Need to feel ‘human again’
Penni Enama, 52, said she won’t let the label "felon" define her for the rest of her life.
Enama, from Lewes, said she never had a speeding ticket in her life, yet found herself serving 14 months in prison for wire fraud and tax evasion. She embezzled over $430,000 from a Delaware law firm.
She came home this year and is in phase one of the PMC program. While incarcerated, Enama found herself parenting inmates young enough to be her daughter.
“I saw the need to help the women who were incarcerated there by teaching them basic skills,” she said. “I taught classes on how to write a résumé. I taught interview skills.”
Her goal at PMC is to land a job as a peer counselor, so she can help others navigate the path she walked.

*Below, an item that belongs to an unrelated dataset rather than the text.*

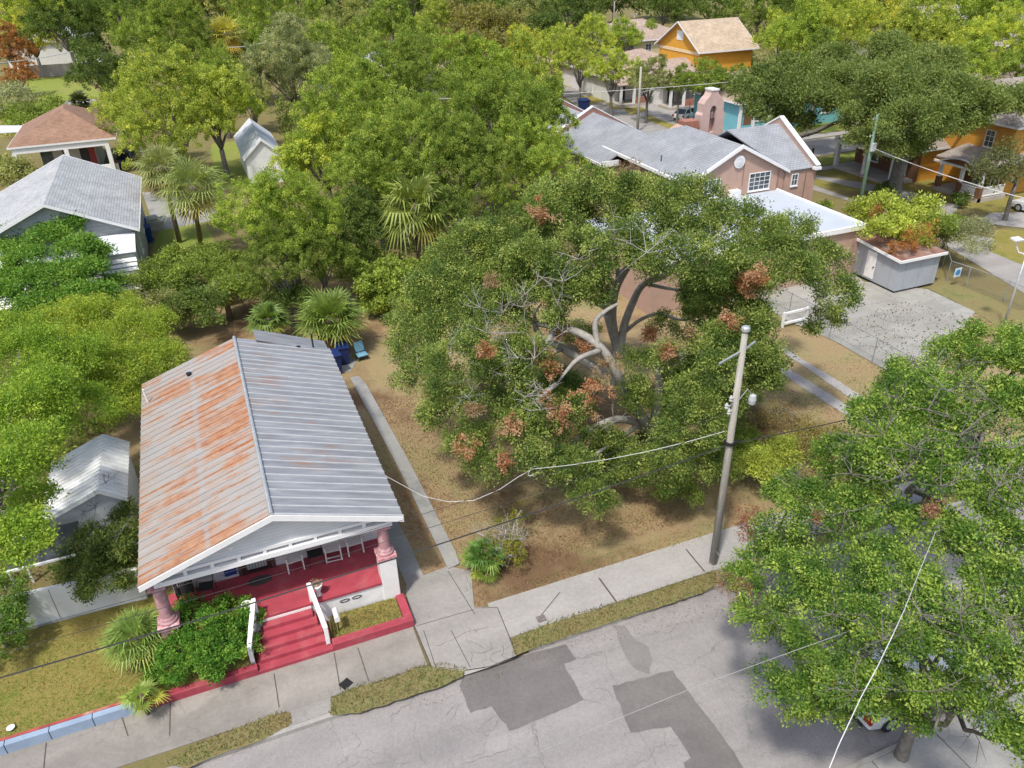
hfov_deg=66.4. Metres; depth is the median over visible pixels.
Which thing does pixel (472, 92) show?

Enama explained how demoralizing it was in prison.
She was incarcerated at the Federal Correctional Institution in Danbury, Conn., which has a pet therapy program.
“Last summer there were 100-plus [degree] days, multiple days in a row,” she said. “They removed the dogs, because it was too hot. But the humans stayed. If the dogs got sick, they got out immediately.
“But if one of the women got sick, [then so be it],” Enama explained. A lady broke her hand and didn’t get the surgery she needed until a year later.”
Landing a job is crucial for ex-offenders and people in recovery, because it’s part of their healing process.
“The sense of humanity is stripped away from you when you’re in a jail, whether you’re a woman or man,” Enama said. “These men and women [in the PMC program] need a sense of feeling human again.”